(EXERCISE GOAL) Every entry must be set down exactly in the answer; no pictures should appear.

Stored entries
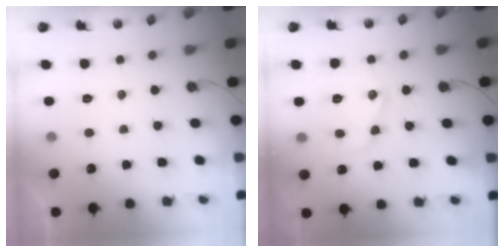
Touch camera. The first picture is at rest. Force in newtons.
{"total": 12.9, "press": 12.9, "slide": 1.1}
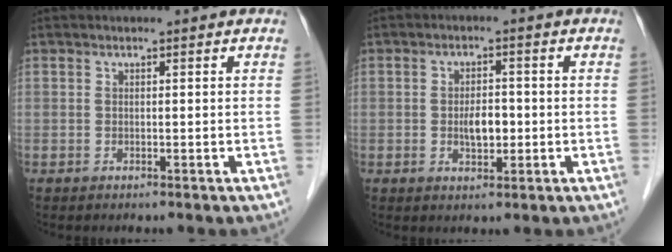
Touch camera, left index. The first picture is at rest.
{"total": 3.7, "force": [-1.4, 1.6, 3.0], "torque": [-0.052, -0.004, -0.022]}
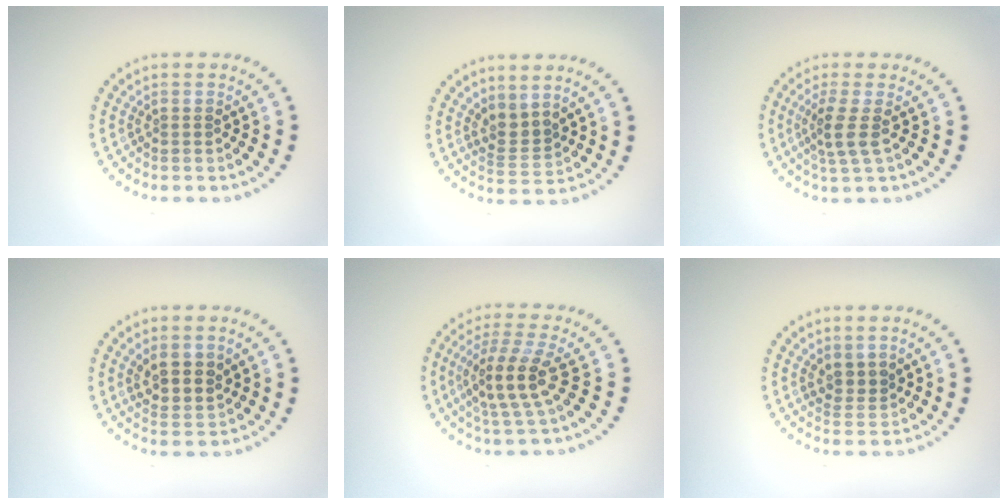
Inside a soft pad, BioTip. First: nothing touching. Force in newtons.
{"total": 2.2, "press": 1.4, "slide": 1.7}
{"total": 2.5, "press": 1.9, "slide": 1.6}
{"total": 3.0, "press": 2.7, "slide": 1.2}
{"total": 4.1, "press": 3.4, "slide": 2.3}
{"total": 1.9, "press": 1.4, "slide": 1.3}
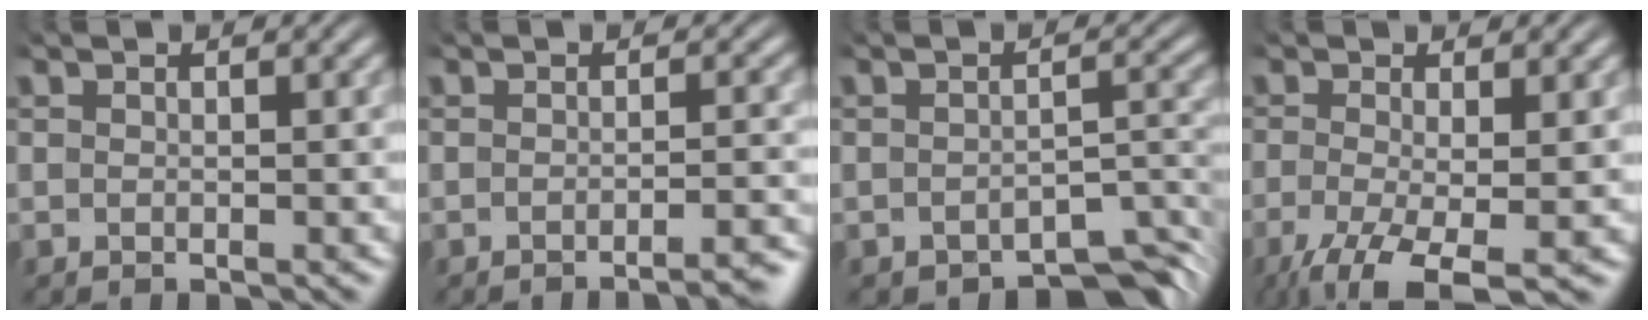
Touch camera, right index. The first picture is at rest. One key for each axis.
{"total": 4.0, "fx": -3.5, "fy": 0.6, "fz": 1.7, "tx": -0.017, "ty": -0.001, "tz": -0.058}
{"total": 5.8, "fx": -4.8, "fy": 1.9, "fz": 2.6, "tx": -0.020, "ty": -0.010, "tz": -0.069}
{"total": 5.4, "fx": -3.1, "fy": 2.2, "fz": 3.7, "tx": -0.088, "ty": -0.051, "tz": -0.028}

(RESPONSE FOR THIS EXERCISE)
Touch camera. The first picture is at rest. Force in newtons.
{"total": 12.9, "press": 12.9, "slide": 1.1}
Touch camera, left index. The first picture is at rest.
{"total": 3.7, "force": [-1.4, 1.6, 3.0], "torque": [-0.052, -0.004, -0.022]}
Inside a soft pad, BioTip. First: nothing touching. Force in newtons.
{"total": 2.2, "press": 1.4, "slide": 1.7}
{"total": 2.5, "press": 1.9, "slide": 1.6}
{"total": 3.0, "press": 2.7, "slide": 1.2}
{"total": 4.1, "press": 3.4, "slide": 2.3}
{"total": 1.9, "press": 1.4, "slide": 1.3}
Touch camera, right index. The first picture is at rest. One key for each axis.
{"total": 4.0, "fx": -3.5, "fy": 0.6, "fz": 1.7, "tx": -0.017, "ty": -0.001, "tz": -0.058}
{"total": 5.8, "fx": -4.8, "fy": 1.9, "fz": 2.6, "tx": -0.020, "ty": -0.010, "tz": -0.069}
{"total": 5.4, "fx": -3.1, "fy": 2.2, "fz": 3.7, "tx": -0.088, "ty": -0.051, "tz": -0.028}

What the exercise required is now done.